As a result of analyzing the degraded pipeline fragments, an attempt was made to investigate the causes of their degradation and the failure to develop effective preventive strategies. A series of studies was conducted on the degraded pipe fragments, as described in the following subsections.

3.1. Evaluation of the Degradation Level of Welded Joints

The level of degradation of the welded joints was assessed based on visual inspections and macroscopic examinations. Figure 8 shows a segment of the pipe after failure with a ruptured longitudinal weld, where the arrows indicate the locations with material loss in the weld.
The segment of the pipe shown in Figure 8 reveals varying degrees of corrosion loss along the weld on the internal side of the pipe. To evaluate and determine the extent of weld degradation, a segment of the same pipe that had not yet fractured was selected, as shown in Figure 9.
The selected segment (Figure 9) was divided to perform a macroscopic analysis of the welded joint. The selected fragments are shown in Figure 10.
The degree of weld degradation in the selected samples is shown in the macrographs (Figure 11) of the metallographic sections for the example segments.

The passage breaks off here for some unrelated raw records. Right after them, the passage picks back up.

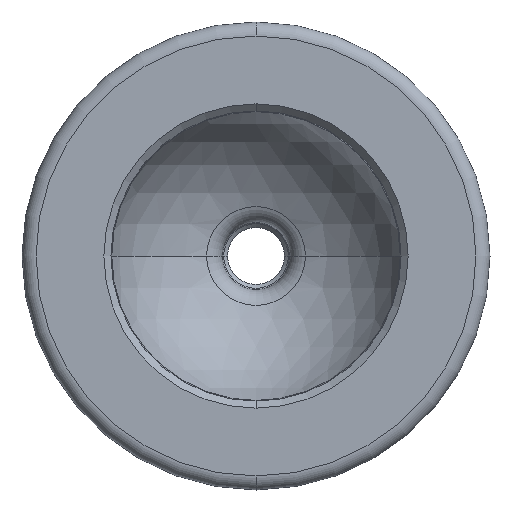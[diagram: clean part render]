
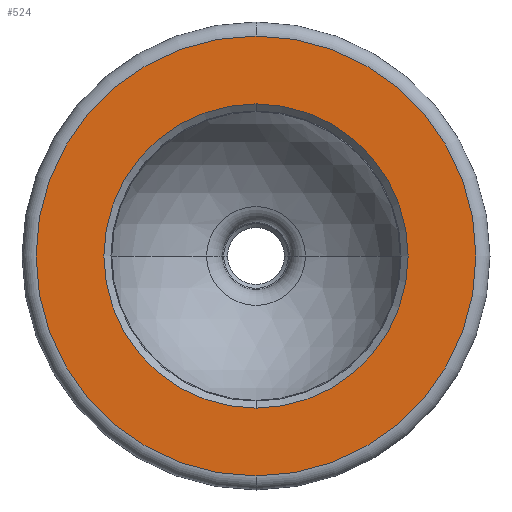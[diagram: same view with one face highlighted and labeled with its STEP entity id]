
A CAD part, front view. The second image highlights one B-rep face of the part: STEP entity #524.
In plain terms, the highlighted planar face has unit normal (0, -1, 0).
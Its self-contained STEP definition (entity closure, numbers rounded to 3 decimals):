
#68 = EDGE_CURVE ( 'NONE', #319, #134, #564, .T. ) ;
#121 = ORIENTED_EDGE ( 'NONE', *, *, #147, .T. ) ;
#134 = VERTEX_POINT ( 'NONE', #565 ) ;
#147 = EDGE_CURVE ( 'NONE', #134, #319, #1562, .T. ) ;
#275 = DIRECTION ( 'NONE',  ( 0., -1., 0. ) ) ;
#319 = VERTEX_POINT ( 'NONE', #2099 ) ;
#348 = CIRCLE ( 'NONE', #2125, 32.5 ) ;
#367 = DIRECTION ( 'NONE',  ( 0., -1., 0. ) ) ;
#368 = DIRECTION ( 'NONE',  ( 0., -1., 0. ) ) ;
#403 = PLANE ( 'NONE',  #2104 ) ;
#439 = EDGE_LOOP ( 'NONE', ( #522, #2296 ) ) ;
#522 = ORIENTED_EDGE ( 'NONE', *, *, #1492, .F. ) ;
#524 = ADVANCED_FACE ( 'NONE', ( #1776, #1896 ), #403, .F. ) ;
#531 = CARTESIAN_POINT ( 'NONE',  ( 0., 0., -32.5 ) ) ;
#564 = CIRCLE ( 'NONE', #581, 47. ) ;
#565 = CARTESIAN_POINT ( 'NONE',  ( 0., 0., -47. ) ) ;
#581 = AXIS2_PLACEMENT_3D ( 'NONE', #1462, #368, #1651 ) ;
#588 = DIRECTION ( 'NONE',  ( 0., 0., -1. ) ) ;
#614 = AXIS2_PLACEMENT_3D ( 'NONE', #642, #1218, #2117 ) ;
#642 = CARTESIAN_POINT ( 'NONE',  ( 0., 0., 0. ) ) ;
#665 = ORIENTED_EDGE ( 'NONE', *, *, #68, .T. ) ;
#692 = AXIS2_PLACEMENT_3D ( 'NONE', #1658, #367, #588 ) ;
#720 = EDGE_LOOP ( 'NONE', ( #121, #665 ) ) ;
#806 = CARTESIAN_POINT ( 'NONE',  ( 0., 0., 32.5 ) ) ;
#826 = EDGE_CURVE ( 'NONE', #2306, #2077, #1480, .T. ) ;
#942 = DIRECTION ( 'NONE',  ( 0., 1., 0. ) ) ;
#1218 = DIRECTION ( 'NONE',  ( 0., -1., 0. ) ) ;
#1379 = CARTESIAN_POINT ( 'NONE',  ( 0., 0., 0. ) ) ;
#1462 = CARTESIAN_POINT ( 'NONE',  ( 0., 0., 0. ) ) ;
#1480 = CIRCLE ( 'NONE', #614, 32.5 ) ;
#1492 = EDGE_CURVE ( 'NONE', #2077, #2306, #348, .T. ) ;
#1531 = DIRECTION ( 'NONE',  ( 0., 0., -1. ) ) ;
#1562 = CIRCLE ( 'NONE', #692, 47. ) ;
#1651 = DIRECTION ( 'NONE',  ( 0., 0., -1. ) ) ;
#1658 = CARTESIAN_POINT ( 'NONE',  ( 0., 0., 0. ) ) ;
#1776 = FACE_BOUND ( 'NONE', #439, .T. ) ;
#1881 = CARTESIAN_POINT ( 'NONE',  ( -47., 0., 0. ) ) ;
#1896 = FACE_OUTER_BOUND ( 'NONE', #720, .T. ) ;
#2072 = DIRECTION ( 'NONE',  ( 0., 0., 1. ) ) ;
#2077 = VERTEX_POINT ( 'NONE', #531 ) ;
#2099 = CARTESIAN_POINT ( 'NONE',  ( 0., 0., 47. ) ) ;
#2104 = AXIS2_PLACEMENT_3D ( 'NONE', #1881, #942, #2072 ) ;
#2117 = DIRECTION ( 'NONE',  ( 0., 0., -1. ) ) ;
#2125 = AXIS2_PLACEMENT_3D ( 'NONE', #1379, #275, #1531 ) ;
#2296 = ORIENTED_EDGE ( 'NONE', *, *, #826, .F. ) ;
#2306 = VERTEX_POINT ( 'NONE', #806 ) ;

3.2. Assessment of Weld Quality in Damaged Pipeline Segments

To confirm the location of anodic areas in the welded joints of the pipes, corrosion tests were conducted on the joints described previously. The evaluation adhered to the requirements of ISO 5817 [49], which defines acceptable levels of weld imperfections, ensuring objective assessment criteria. Additionally, the qualifications of welders performing the joints were verified according to ISO 9606-1 [50], aligning with industry standards.
The corrosion test aimed to identify areas where oxidation (anode) and reduction (cathode) reactions occur. The test was performed using a ferroxyl reagent. The test was conducted using the ferroxyl reagent prepared with 100 cm3 of a 3% NaCl solution, 1 cm3 of a 1% K3[Fe (CN)6] solution, and 1 cm3 of a 1% phenolphthalein solution. The results of the tests, for example, welds with the highest degree of degradation, are shown in Figure 12.
These tests were qualitative in nature and provided only an approximate visualization of the areas where corrosion cells form. The results obtained confirmed the assumptions about the location, specifically the weld and its heat-affected zone (HAZ).
Quantitative studies of the corrosivity of welded pipe joints were also conducted to determine potential differences between weld areas, the HAZ, and pipe material. Based on the results of the potentiometric test, the susceptibility to galvanic corrosion can be assessed in or near the weld area. The designations of the joint samples subjected to potentiometric measurements are summarized in Table 1.
In addition to joint samples cut directly from the pipe, comparative test joints were made using the steel from the examined pipe, welded with an acidic electrode (with a chemical composition like the pipeline steel) and an electrode with COR-TEN steel filler metal. The chemical compositions of the electrodes used are provided in Table 2.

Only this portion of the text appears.